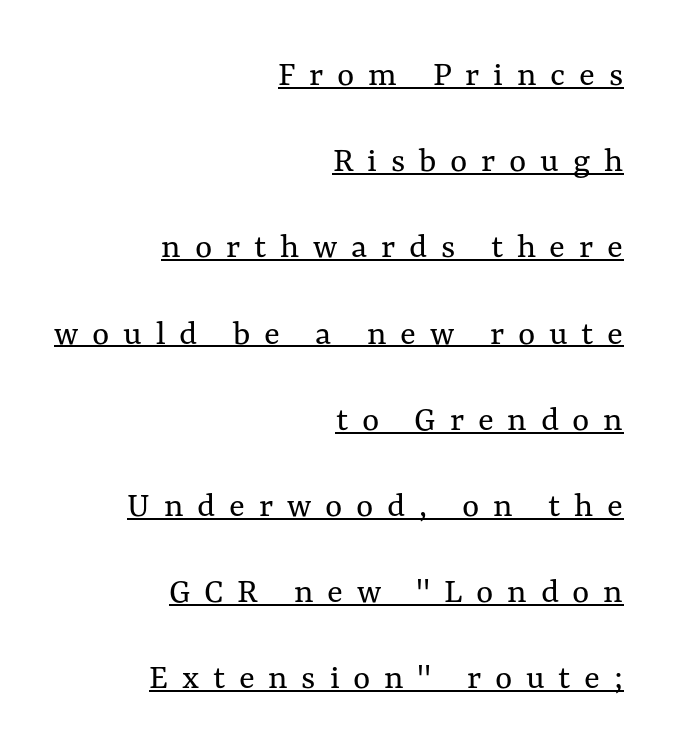
The image shows 37 px regular-weight type, upright; set right-aligned, loose line spacing (2.33x), unusually wide letter spacing (+0.37 em), underlined; medium stroke contrast and a medium x-height.
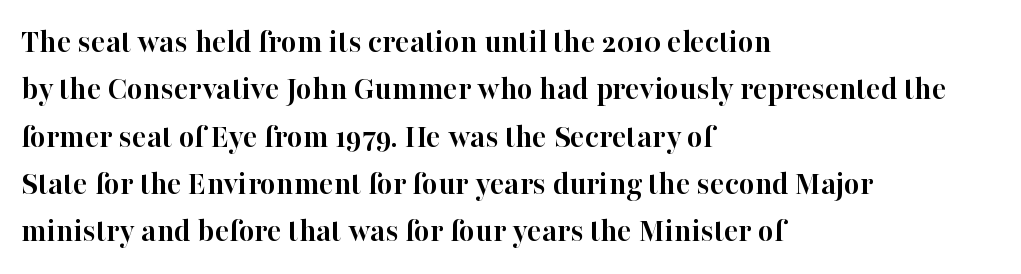
The lettering stays uniformly vertical, giving the passage a roman look. Weight: bold. Unlike a clean sans, this face finishes its strokes with serifs. This rendering uses left alignment, leaving the right contour irregular. Descender tails drop into unmarked territory.
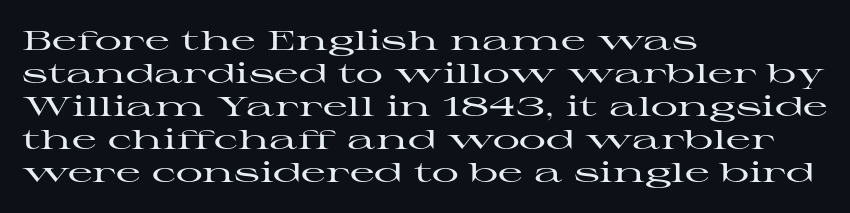
The image shows 27 px text type, upright; set left-aligned, line spacing 1.22x, normal letter spacing, not underlined.
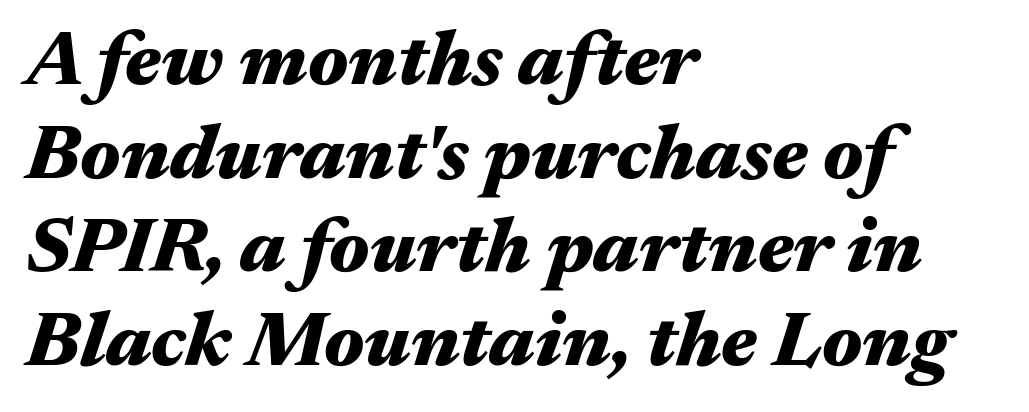
Here the glyphs are tracked normally, forming tight word shapes. Compared with ordinary roman type, these characters are visibly tilted. The words here are not underlined. Spacing verdict: proportional, widths tailored to each character.
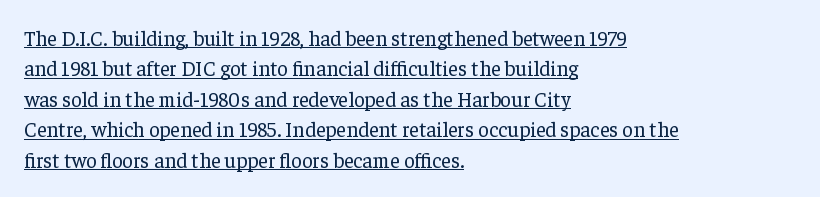
Q: Is the text bold? A: No.
Q: Is the text italic (slanted)? A: No, it is upright.
Q: Is the text underlined? A: Yes.
Q: How is the paragraph aligned? A: Left-aligned.
Q: Is the spacing between letters normal or unusually wide? A: Normal.
Q: Is the spacing between lines tight, normal or loose? A: Normal.
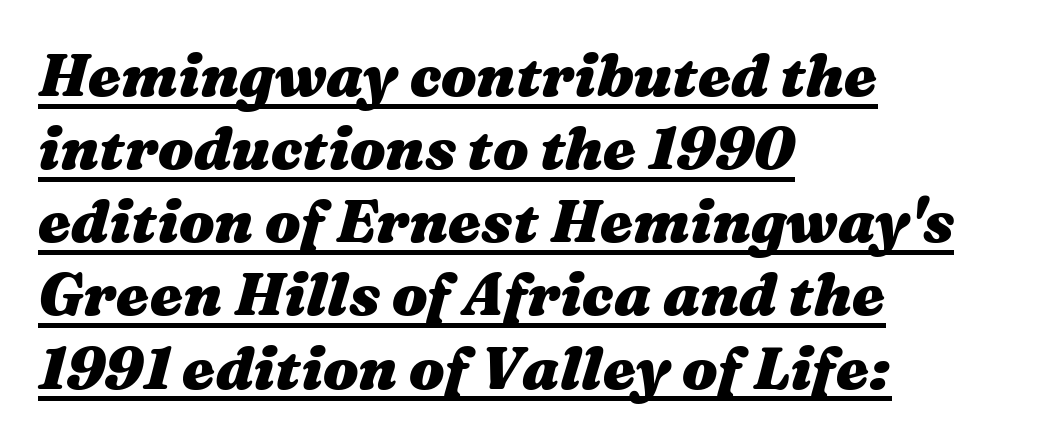
This rendering leaves character spacing at its baseline value. Alignment: flush left. Pretty heavy lettering here — definitely bold. Think of a printed novel: that variable character pitch is what you see here.
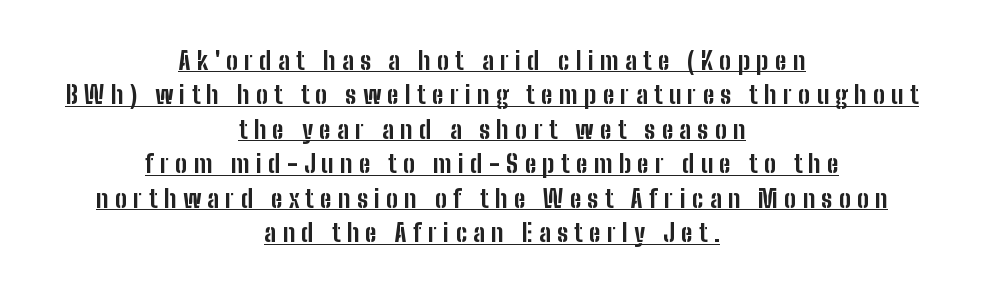
{"italic": "no", "bold": "yes", "underline": "yes", "align": "center", "line_spacing": "normal", "line_spacing_ratio": 1.38, "letter_spacing": "wide", "letter_spacing_em": 0.25, "glyph_px": 25}
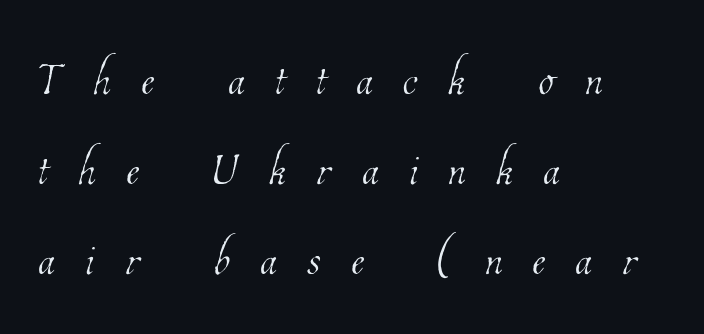
Q: Is the text bold? A: No.
Q: Is the text underlined? A: No.
Q: How is the paragraph aligned? A: Left-aligned.
Q: Is the spacing between letters normal or unusually wide? A: Unusually wide.
Q: Is the spacing between lines tight, normal or loose? A: Normal.
Q: Width (condensed, normal, or wide)? A: Condensed.
Q: Stroke contrast? A: Low.
Q: x-height? A: Medium.
Q: Monospaced? A: No.
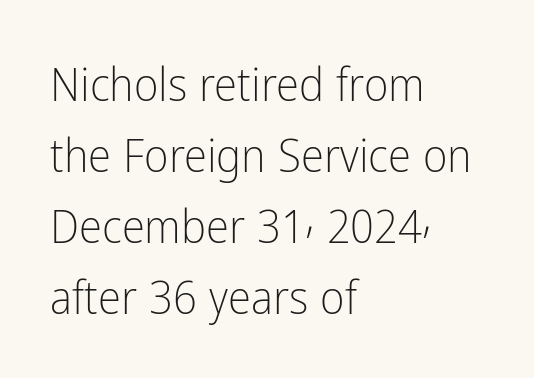
Honestly, the letter spacing is just normal — you wouldn't notice it. Does the lettering tilt? It doesn't — this is upright. Stems here are at most as thick as an everyday book face. Nope, no serifs anywhere on these letters. Normally led — the rows are evenly, conventionally spaced.
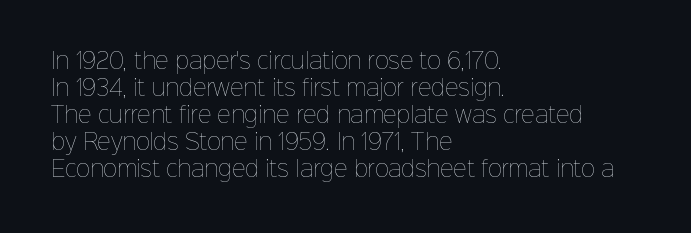
{"italic": "no", "bold": "no", "underline": "no", "align": "left", "line_spacing": "normal", "line_spacing_ratio": 1.29, "letter_spacing": "normal", "letter_spacing_em": 0.0, "glyph_px": 21}
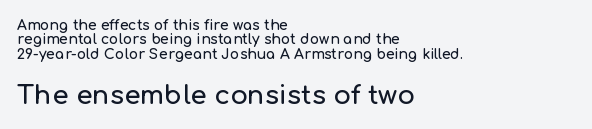
The image shows 26 px text type, upright; set left-aligned, tight line spacing (1.03x), normal letter spacing, not underlined; the second (bottom) block is 1.86x larger.
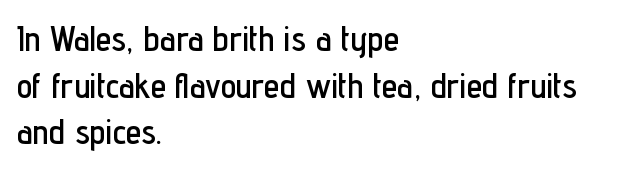
Q: Is the text italic (slanted)? A: No, it is upright.
Q: Is the typeface a serif or a sans-serif typeface? A: Sans-serif.
Q: Is the text underlined? A: No.
Q: How is the paragraph aligned? A: Left-aligned.
Q: Is the spacing between letters normal or unusually wide? A: Normal.
Q: Is the spacing between lines tight, normal or loose? A: Normal.
Q: Width (condensed, normal, or wide)? A: Condensed.
Q: Stroke contrast? A: Low.
Q: x-height? A: Medium.
Q: Monospaced? A: No.
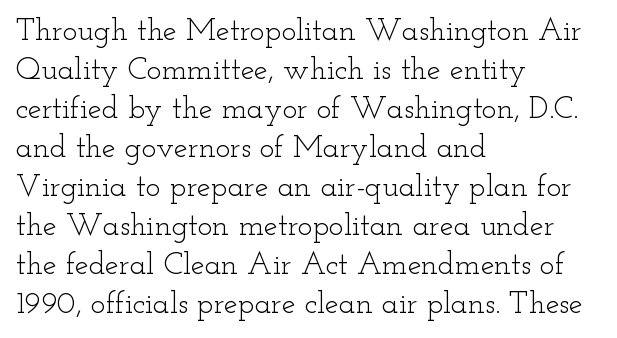
Q: Is the text bold? A: No.
Q: Is the text italic (slanted)? A: No, it is upright.
Q: Is the typeface a serif or a sans-serif typeface? A: Serif.
Q: Is the text underlined? A: No.
Q: How is the paragraph aligned? A: Left-aligned.
Q: Is the spacing between letters normal or unusually wide? A: Normal.
Q: Is the spacing between lines tight, normal or loose? A: Normal.
Q: Width (condensed, normal, or wide)? A: Wide.
Q: Stroke contrast? A: Low.
Q: x-height? A: Small.
Q: Monospaced? A: No.
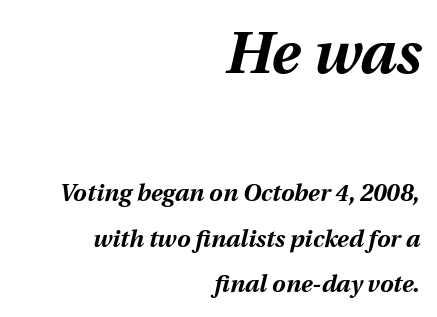
Italic? Definitely — the glyphs are oblique. In terms of letterspacing, this is plain default setting. Descenders are the only things crossing below the line. The lines in this sample share a right terminus and differ only in where they begin.
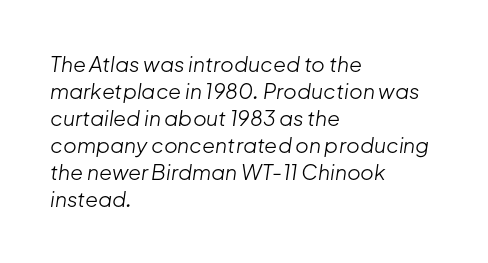
{"italic": "yes", "lean": "right", "slant_degrees": 8, "bold": "no", "underline": "no", "align": "left", "line_spacing": "normal", "line_spacing_ratio": 1.29, "letter_spacing": "normal", "letter_spacing_em": 0.0, "glyph_px": 21}
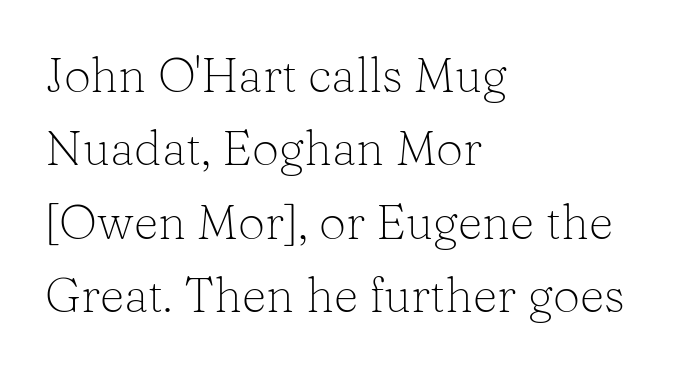
The image shows 48 px light serif type, upright; set left-aligned, normal line spacing (1.53x), normal letter spacing, not underlined; low stroke contrast and a medium x-height.
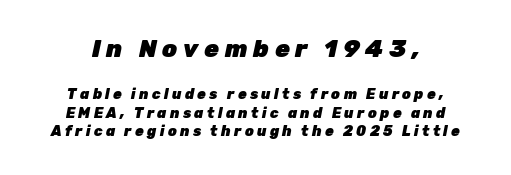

——

Exercise directions:
Give back the whole listing as it stands, minus its pictures.

Answer below:
The image shows 37 px regular-weight type, upright; set right-aligned, loose line spacing (2.33x), unusually wide letter spacing (+0.37 em), underlined; medium stroke contrast and a medium x-height.
The lettering stays uniformly vertical, giving the passage a roman look. Weight: bold. Unlike a clean sans, this face finishes its strokes with serifs. This rendering uses left alignment, leaving the right contour irregular. Descender tails drop into unmarked territory.
The image shows 27 px text type, upright; set left-aligned, line spacing 1.22x, normal letter spacing, not underlined.
Here the glyphs are tracked normally, forming tight word shapes. Compared with ordinary roman type, these characters are visibly tilted. The words here are not underlined. Spacing verdict: proportional, widths tailored to each character.
Q: Is the text bold? A: No.
Q: Is the text italic (slanted)? A: No, it is upright.
Q: Is the text underlined? A: Yes.
Q: How is the paragraph aligned? A: Left-aligned.
Q: Is the spacing between letters normal or unusually wide? A: Normal.
Q: Is the spacing between lines tight, normal or loose? A: Normal.
This rendering leaves character spacing at its baseline value. Alignment: flush left. Pretty heavy lettering here — definitely bold. Think of a printed novel: that variable character pitch is what you see here.
{"italic": "no", "bold": "yes", "underline": "yes", "align": "center", "line_spacing": "normal", "line_spacing_ratio": 1.38, "letter_spacing": "wide", "letter_spacing_em": 0.25, "glyph_px": 25}
Q: Is the text bold? A: No.
Q: Is the text underlined? A: No.
Q: How is the paragraph aligned? A: Left-aligned.
Q: Is the spacing between letters normal or unusually wide? A: Unusually wide.
Q: Is the spacing between lines tight, normal or loose? A: Normal.
Q: Width (condensed, normal, or wide)? A: Condensed.
Q: Stroke contrast? A: Low.
Q: x-height? A: Medium.
Q: Monospaced? A: No.
Honestly, the letter spacing is just normal — you wouldn't notice it. Does the lettering tilt? It doesn't — this is upright. Stems here are at most as thick as an everyday book face. Nope, no serifs anywhere on these letters. Normally led — the rows are evenly, conventionally spaced.
{"italic": "no", "bold": "no", "underline": "no", "align": "left", "line_spacing": "normal", "line_spacing_ratio": 1.29, "letter_spacing": "normal", "letter_spacing_em": 0.0, "glyph_px": 21}
The image shows 26 px text type, upright; set left-aligned, tight line spacing (1.03x), normal letter spacing, not underlined; the second (bottom) block is 1.86x larger.
Q: Is the text italic (slanted)? A: No, it is upright.
Q: Is the typeface a serif or a sans-serif typeface? A: Sans-serif.
Q: Is the text underlined? A: No.
Q: How is the paragraph aligned? A: Left-aligned.
Q: Is the spacing between letters normal or unusually wide? A: Normal.
Q: Is the spacing between lines tight, normal or loose? A: Normal.
Q: Width (condensed, normal, or wide)? A: Condensed.
Q: Stroke contrast? A: Low.
Q: x-height? A: Medium.
Q: Monospaced? A: No.
Q: Is the text bold? A: No.
Q: Is the text italic (slanted)? A: No, it is upright.
Q: Is the typeface a serif or a sans-serif typeface? A: Serif.
Q: Is the text underlined? A: No.
Q: How is the paragraph aligned? A: Left-aligned.
Q: Is the spacing between letters normal or unusually wide? A: Normal.
Q: Is the spacing between lines tight, normal or loose? A: Normal.
Q: Width (condensed, normal, or wide)? A: Wide.
Q: Stroke contrast? A: Low.
Q: x-height? A: Small.
Q: Monospaced? A: No.
Italic? Definitely — the glyphs are oblique. In terms of letterspacing, this is plain default setting. Descenders are the only things crossing below the line. The lines in this sample share a right terminus and differ only in where they begin.
{"italic": "yes", "lean": "right", "slant_degrees": 8, "bold": "no", "underline": "no", "align": "left", "line_spacing": "normal", "line_spacing_ratio": 1.29, "letter_spacing": "normal", "letter_spacing_em": 0.0, "glyph_px": 21}
The image shows 48 px light serif type, upright; set left-aligned, normal line spacing (1.53x), normal letter spacing, not underlined; low stroke contrast and a medium x-height.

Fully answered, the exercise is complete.